*Work instruction*
State how many lines of the records contain the string "uses". Give the number alone.

*Records from a data collection*
########################################
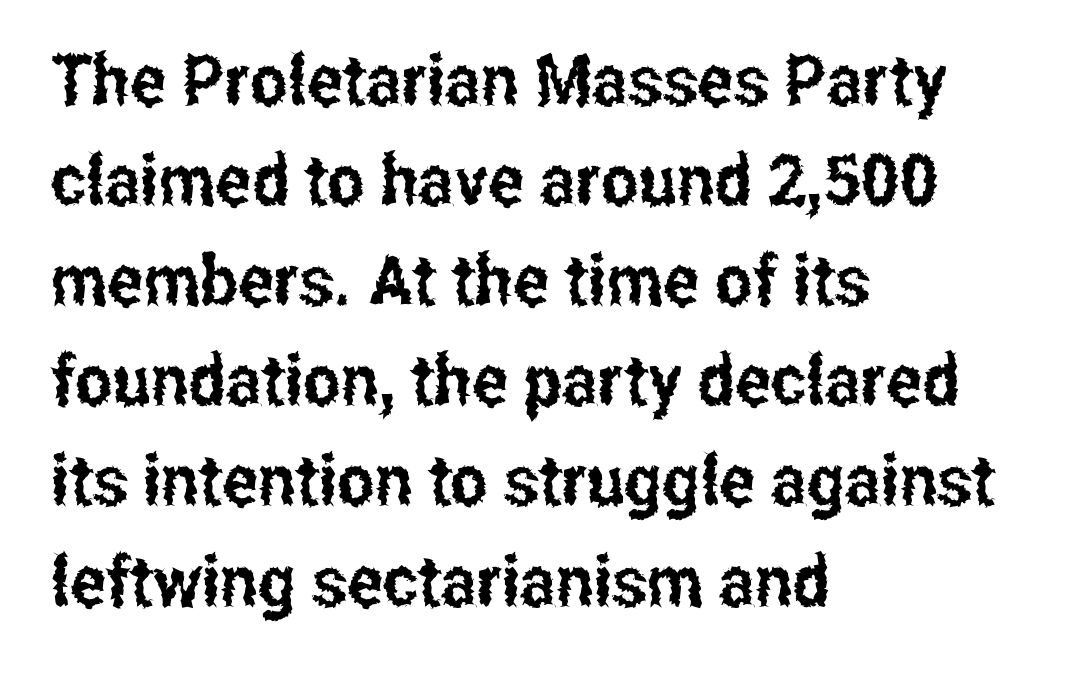
The image shows 71 px condensed sans-serif type, upright; set left-aligned, normal line spacing (1.41x), normal letter spacing, not underlined; low stroke contrast and a medium x-height.
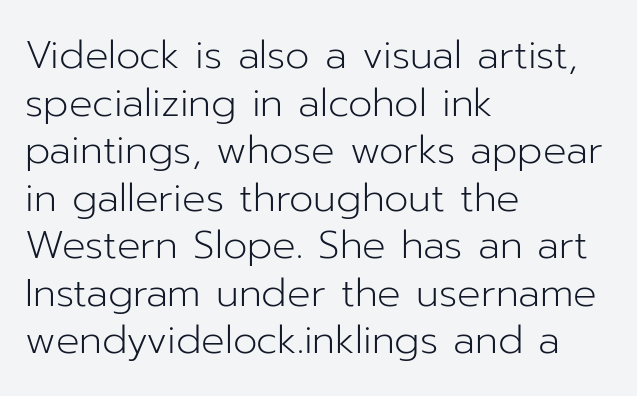
One-word summary of the alignment: left. The rendering uses natural spacing where letterforms have individual widths. Each word holds together tightly as a unit, with standard inter-letter gaps. The space directly below the letters is spotless. When letters stand straight like this, we call the style roman or upright.
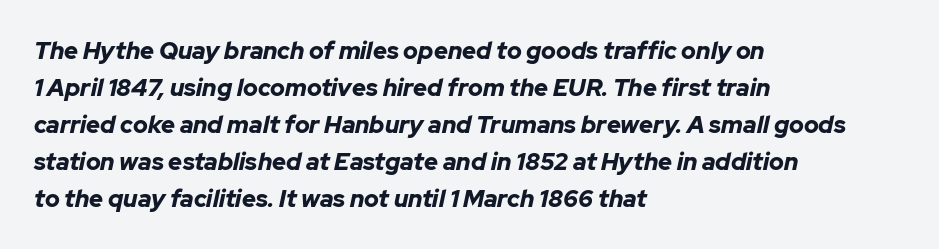
The image shows 24 px bold type, italic (leaning right); set left-aligned, normal line spacing (1.54x), normal letter spacing, not underlined.
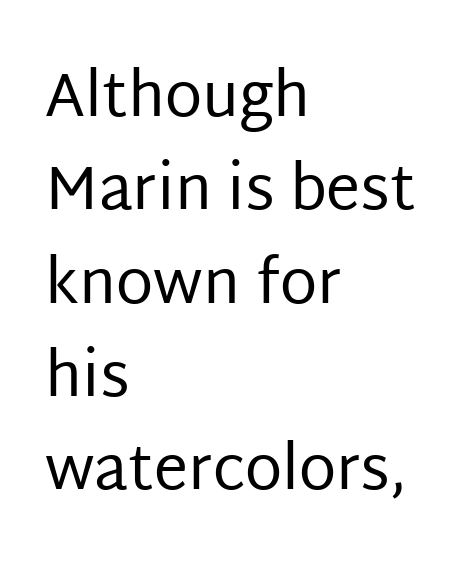
Each word holds together tightly as a unit, with standard inter-letter gaps. Regarding leading, the lines here are spaced in the standard way. A sans-serif font was chosen for this passage. Italic: no, the glyphs are upright roman. No letter is thick-stroked: the sample isn't bold.
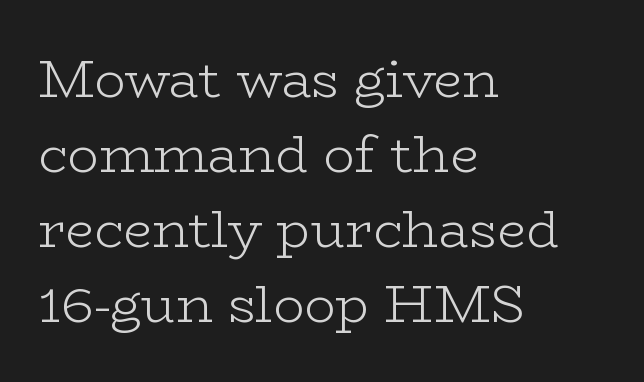
The image shows 52 px light, wide serif type, upright; set left-aligned, normal line spacing (1.44x), normal letter spacing, not underlined; low stroke contrast and a medium x-height.
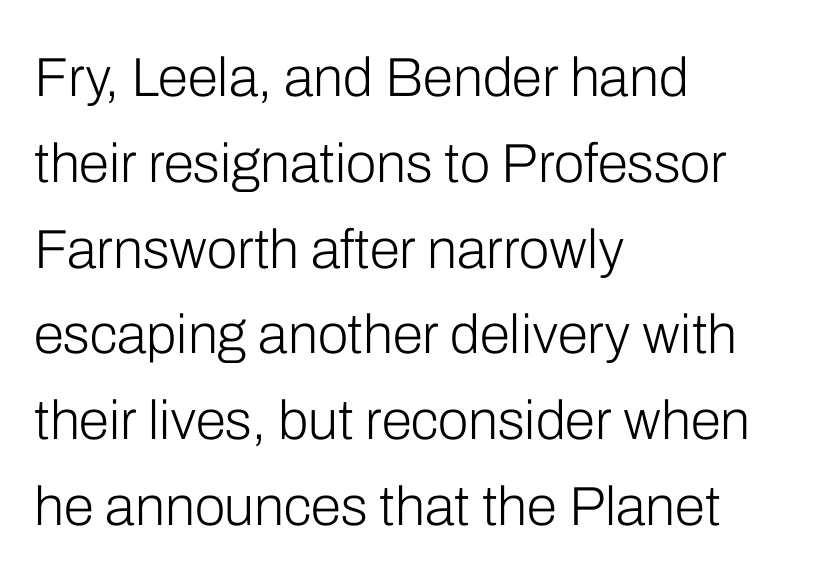
Does extra space separate the letters? No, they use regular spacing. Line spacing here is normal. A student would call this left alignment; a typographer would say flush left, rag right. The letters advance in unequal steps, a hallmark of proportional type. Rendered with straight, roman letterforms.
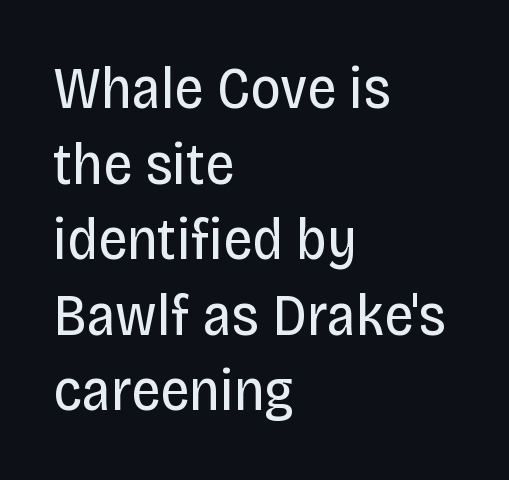
Q: Is the text bold? A: No.
Q: Is the text italic (slanted)? A: No, it is upright.
Q: Is the typeface a serif or a sans-serif typeface? A: Sans-serif.
Q: Is the text underlined? A: No.
Q: How is the paragraph aligned? A: Left-aligned.
Q: Is the spacing between letters normal or unusually wide? A: Normal.
Q: Is the spacing between lines tight, normal or loose? A: Normal.
Q: Width (condensed, normal, or wide)? A: Condensed.
Q: Stroke contrast? A: Low.
Q: x-height? A: Large.
Q: Monospaced? A: No.
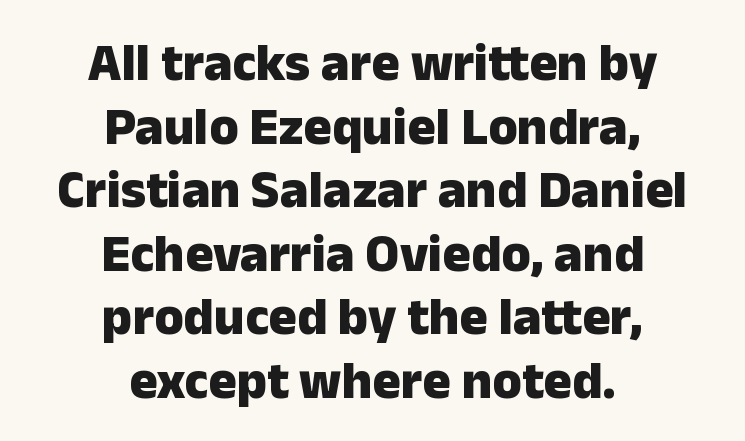
Q: Is the text bold? A: Yes.
Q: Is the text italic (slanted)? A: No, it is upright.
Q: Is the typeface a serif or a sans-serif typeface? A: Sans-serif.
Q: Is the text underlined? A: No.
Q: How is the paragraph aligned? A: Centered.
Q: Is the spacing between letters normal or unusually wide? A: Normal.
Q: Width (condensed, normal, or wide)? A: Normal.
Q: Stroke contrast? A: Low.
Q: x-height? A: Medium.
Q: Monospaced? A: No.
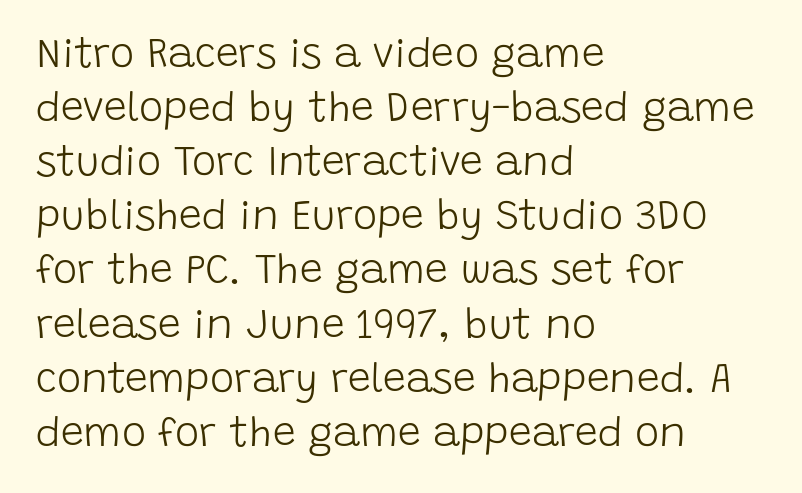
Posture: vertical. Leading matches the norm, producing a regular column. Typographically, this falls in the sans-serif category. The passage shown is typed in a proportional face where columns would drift.
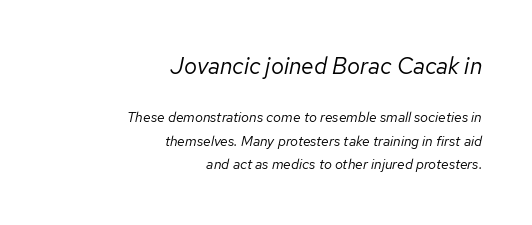
The image shows 23 px text type, italic (leaning right); set right-aligned, normal line spacing (1.68x), normal letter spacing, not underlined; the first (top) block is 1.64x larger.
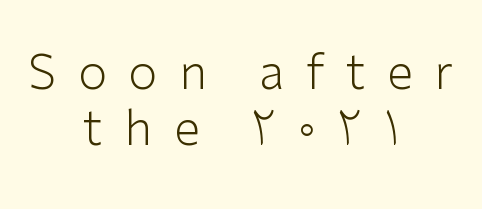
Q: Is the text bold? A: No.
Q: Is the text italic (slanted)? A: No, it is upright.
Q: Is the typeface a serif or a sans-serif typeface? A: Sans-serif.
Q: Is the text underlined? A: No.
Q: How is the paragraph aligned? A: Centered.
Q: Is the spacing between letters normal or unusually wide? A: Unusually wide.
Q: Width (condensed, normal, or wide)? A: Normal.
Q: Stroke contrast? A: Low.
Q: x-height? A: Medium.
Q: Monospaced? A: No.
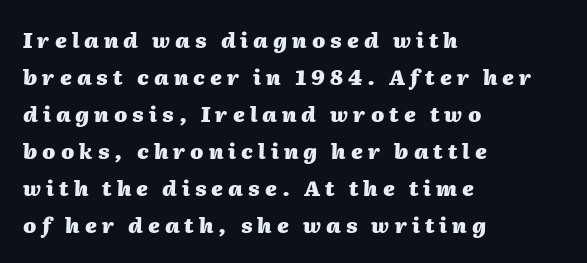
Unmarked baselines from the first word to the last. Between one letter and the next there's a generous, obvious gap. The compositor pushed each line to the left boundary. In terms of posture, this sample is oblique. Notice how thick the strokes are: this is what a full bold looks like.
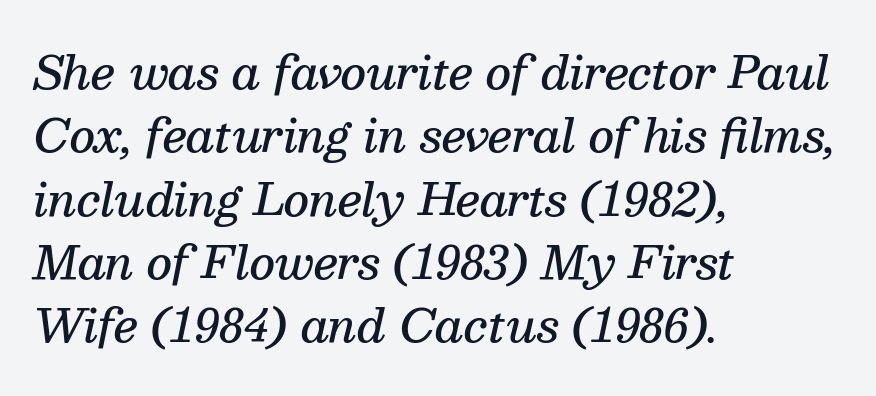
{"serif": "yes", "italic": "yes", "lean": "right", "slant_degrees": 13, "bold": "semi", "weight": "semibold", "width": "normal", "stroke_contrast": "medium", "x_height": "medium", "monospaced": "no", "underline": "no", "align": "left", "line_spacing": "normal", "line_spacing_ratio": 1.44, "letter_spacing": "normal", "letter_spacing_em": 0.0, "glyph_px": 44}
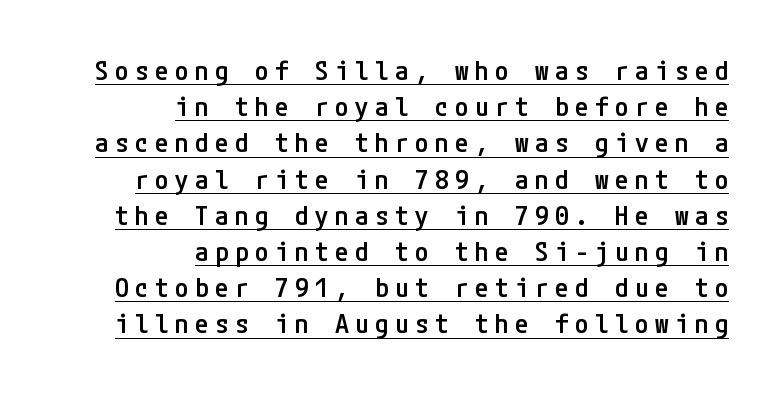
The characters look somewhat weighty, a semibold short of true bold. The ragged edge is on the left, which tells us the setting is flush right. Vertically, the passage feels balanced, rows spaced as you'd expect. Caption: lettering with a line underneath. The font's upright variant was chosen for this text.
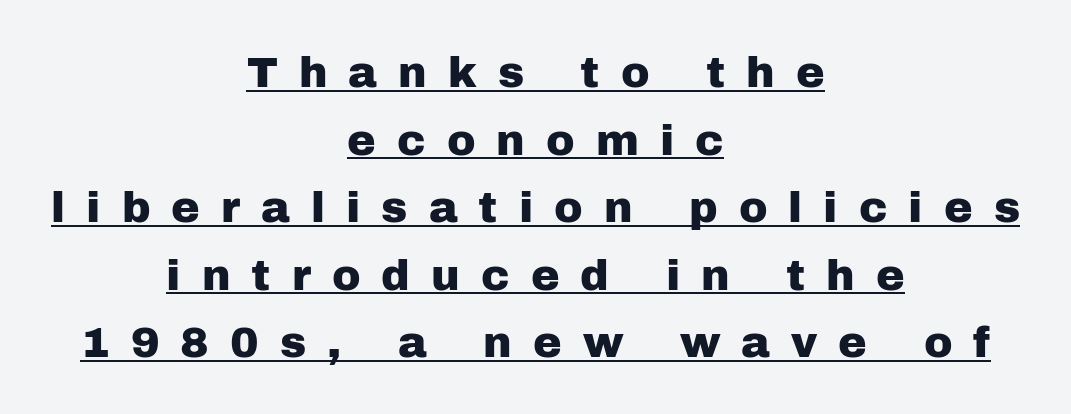
Q: Is the text italic (slanted)? A: No, it is upright.
Q: Is the typeface a serif or a sans-serif typeface? A: Sans-serif.
Q: Is the text underlined? A: Yes.
Q: How is the paragraph aligned? A: Centered.
Q: Is the spacing between letters normal or unusually wide? A: Unusually wide.
Q: Is the spacing between lines tight, normal or loose? A: Normal.
Q: Width (condensed, normal, or wide)? A: Normal.
Q: Stroke contrast? A: Low.
Q: x-height? A: Medium.
Q: Monospaced? A: No.
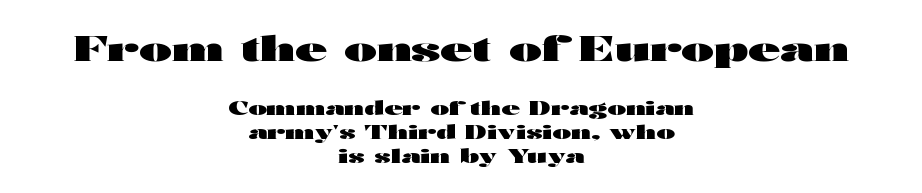
The image shows 35 px heavy, wide type, upright; set centered, line spacing 1.2x, normal letter spacing, not underlined; the first (top) block is 1.75x larger; high stroke contrast and a medium x-height.
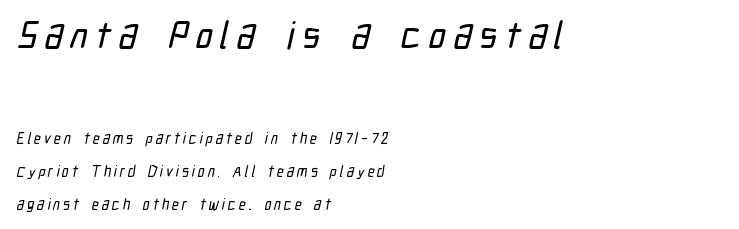
Q: Is the typeface a serif or a sans-serif typeface? A: Sans-serif.
Q: Is the text underlined? A: No.
Q: How is the paragraph aligned? A: Left-aligned.
Q: Is the spacing between lines tight, normal or loose? A: Loose.
Q: Which block of text is set in a larger size, the first (top) or the second (bottom)? A: The first (top) one.
Q: Width (condensed, normal, or wide)? A: Condensed.
Q: Stroke contrast? A: Low.
Q: x-height? A: Medium.
Q: Monospaced? A: No.
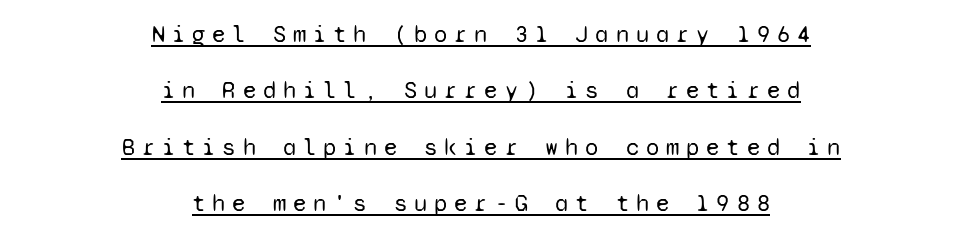
Q: Is the text bold? A: No.
Q: Is the text italic (slanted)? A: No, it is upright.
Q: Is the text underlined? A: Yes.
Q: How is the paragraph aligned? A: Centered.
Q: Is the spacing between letters normal or unusually wide? A: Unusually wide.
Q: Is the spacing between lines tight, normal or loose? A: Loose.
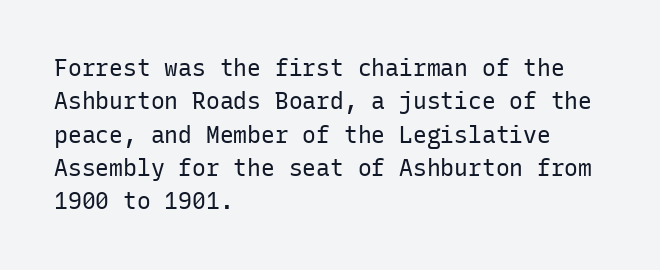
Q: Is the text bold? A: No.
Q: Is the text italic (slanted)? A: No, it is upright.
Q: Is the text underlined? A: No.
Q: How is the paragraph aligned? A: Left-aligned.
Q: Is the spacing between letters normal or unusually wide? A: Normal.
Q: Is the spacing between lines tight, normal or loose? A: Normal.
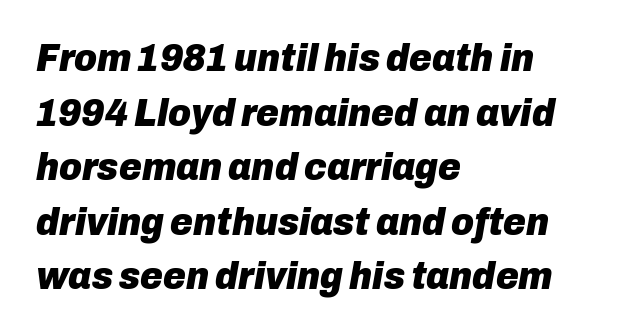
Q: Is the text bold? A: Yes.
Q: Is the text italic (slanted)? A: Yes, it leans right by about 10 degrees.
Q: Is the text underlined? A: No.
Q: How is the paragraph aligned? A: Left-aligned.
Q: Is the spacing between letters normal or unusually wide? A: Normal.
Q: Is the spacing between lines tight, normal or loose? A: Normal.
Q: Width (condensed, normal, or wide)? A: Normal.
Q: Stroke contrast? A: Low.
Q: x-height? A: Medium.
Q: Monospaced? A: No.
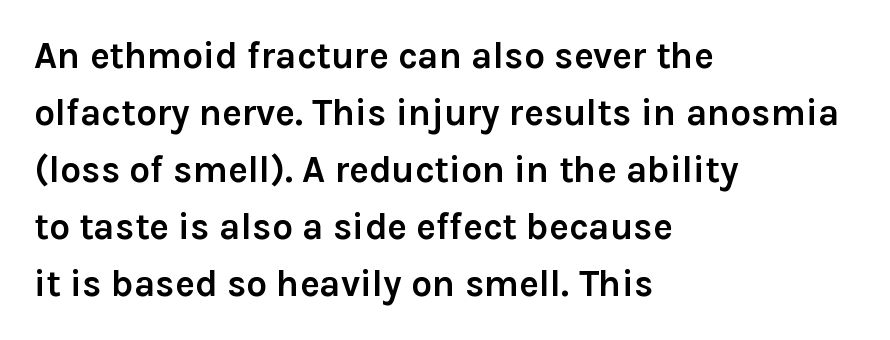
The rendering uses natural spacing where letterforms have individual widths. Honestly, there is no underline to notice here at all. Every character sits straight up, as roman type does. Note: no serifs on the glyphs. If you drew a ruler down the left edge, every line would touch it.
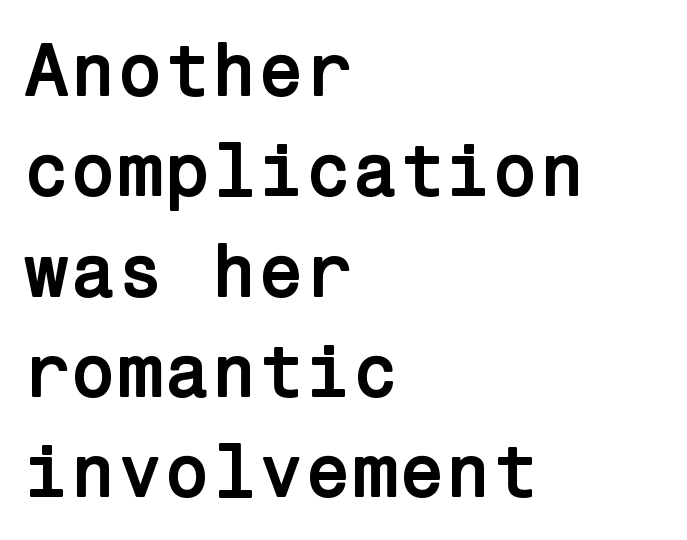
The image shows 76 px semibold sans-serif type, upright; set left-aligned, normal line spacing (1.32x), normal letter spacing, not underlined; low stroke contrast and a medium x-height.
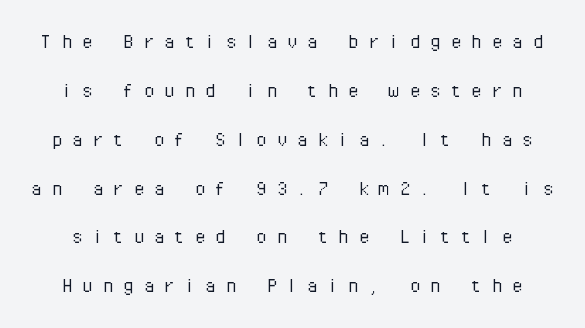
{"italic": "no", "bold": "no", "underline": "no", "line_spacing": "loose", "line_spacing_ratio": 2.22, "letter_spacing": "wide", "letter_spacing_em": 0.43, "glyph_px": 22}
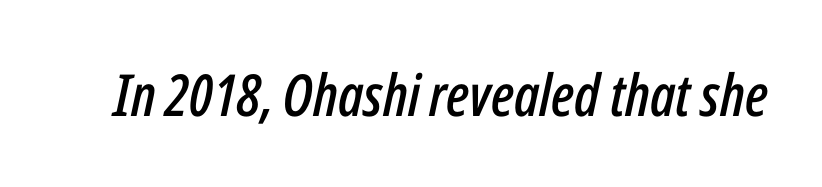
########################################
*Solution to this exercise*
2